Activity ::
At the line containing "Acquired at 2.8 s after image 1.", begin an exact copy of the lines below and continue through the final one, with no pictures.

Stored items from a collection
++++++++++

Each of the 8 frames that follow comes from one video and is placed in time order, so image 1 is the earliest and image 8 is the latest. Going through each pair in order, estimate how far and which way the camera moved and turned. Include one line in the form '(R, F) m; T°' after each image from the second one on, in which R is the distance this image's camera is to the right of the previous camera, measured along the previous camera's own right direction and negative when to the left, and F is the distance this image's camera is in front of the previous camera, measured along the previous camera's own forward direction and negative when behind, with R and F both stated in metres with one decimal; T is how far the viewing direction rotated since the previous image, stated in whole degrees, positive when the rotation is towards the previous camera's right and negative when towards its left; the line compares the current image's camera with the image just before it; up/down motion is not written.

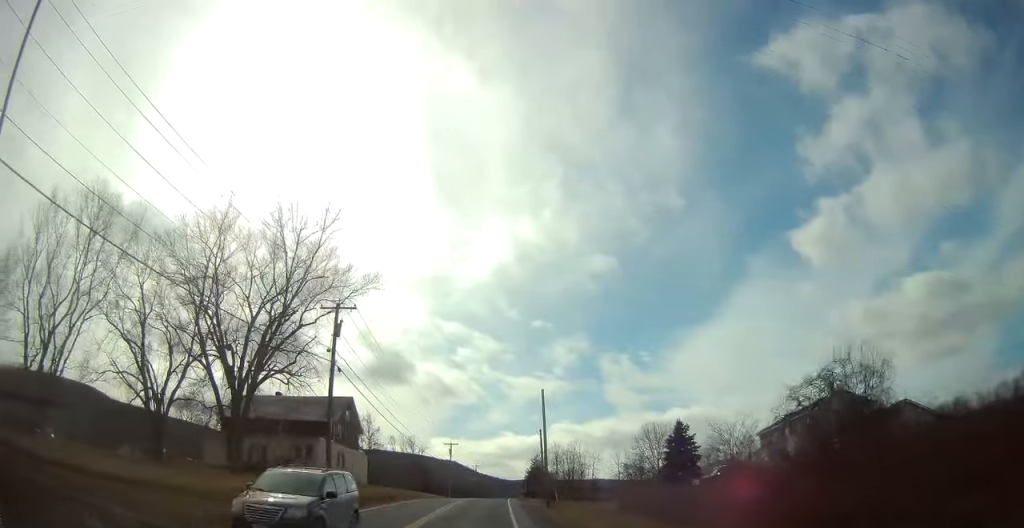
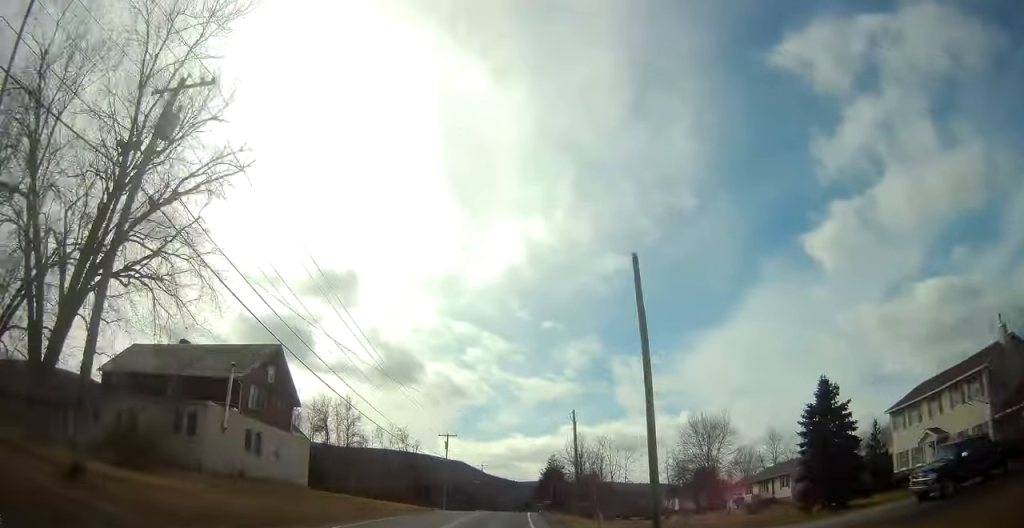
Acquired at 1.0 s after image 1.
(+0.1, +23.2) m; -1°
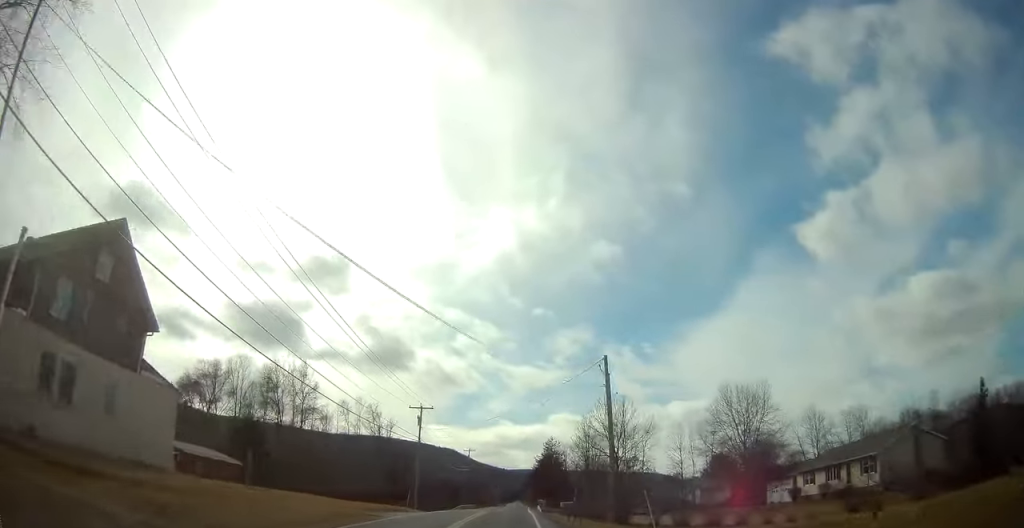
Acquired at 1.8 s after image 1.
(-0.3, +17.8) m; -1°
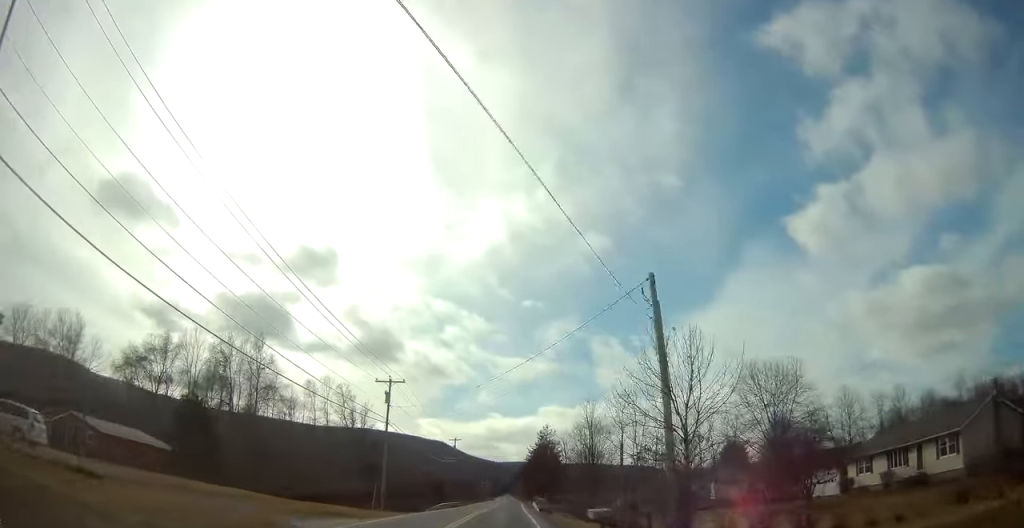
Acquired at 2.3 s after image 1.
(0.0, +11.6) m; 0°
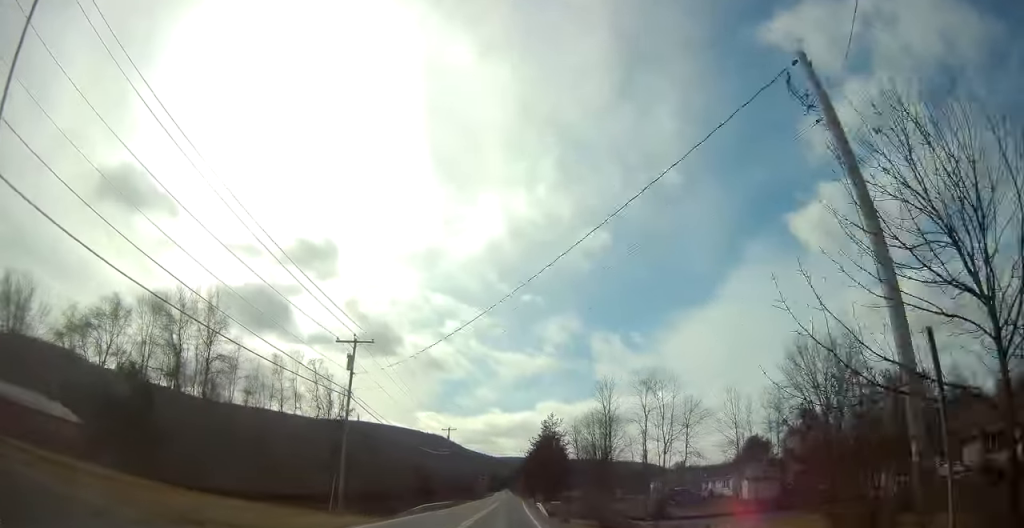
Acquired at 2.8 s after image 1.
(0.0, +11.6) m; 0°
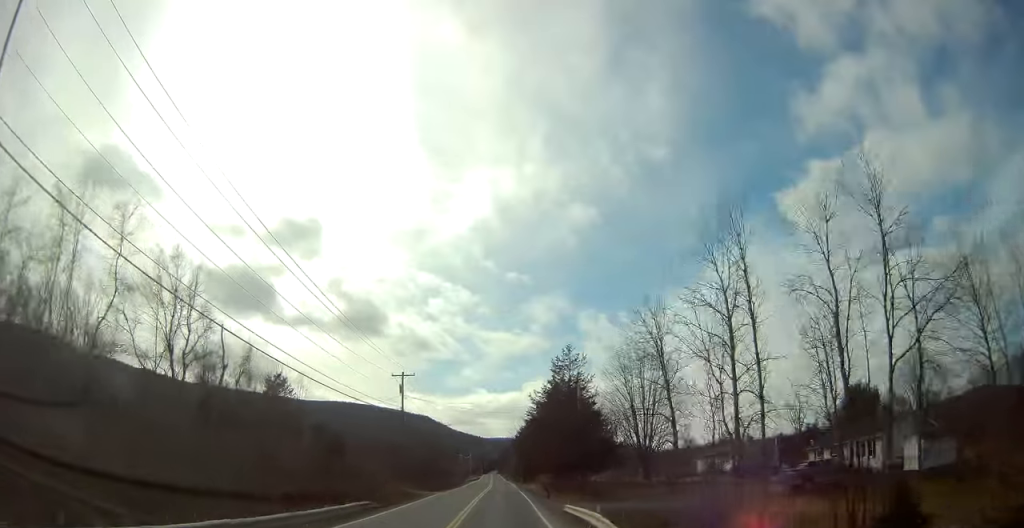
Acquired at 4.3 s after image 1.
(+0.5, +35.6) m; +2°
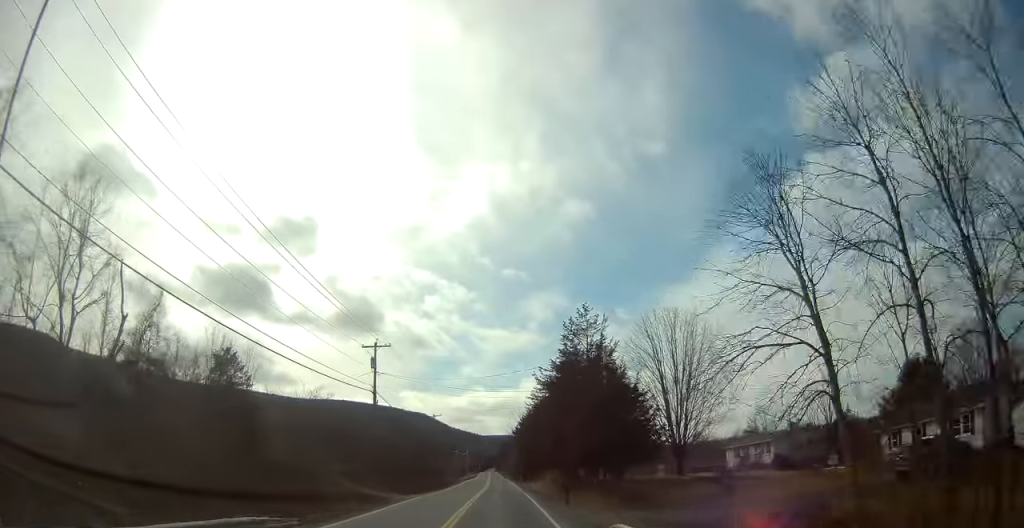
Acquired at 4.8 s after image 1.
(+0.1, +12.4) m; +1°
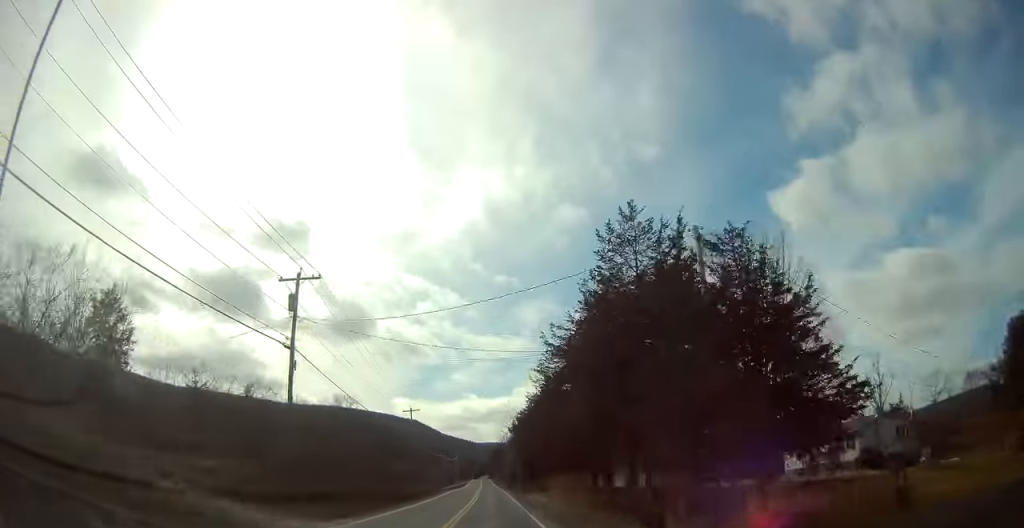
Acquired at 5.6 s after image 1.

++++++++++

Task answer ::
Acquired at 2.8 s after image 1.
(0.0, +11.6) m; 0°
Acquired at 4.3 s after image 1.
(+0.5, +35.6) m; +2°
Acquired at 4.8 s after image 1.
(+0.1, +12.4) m; +1°
Acquired at 5.6 s after image 1.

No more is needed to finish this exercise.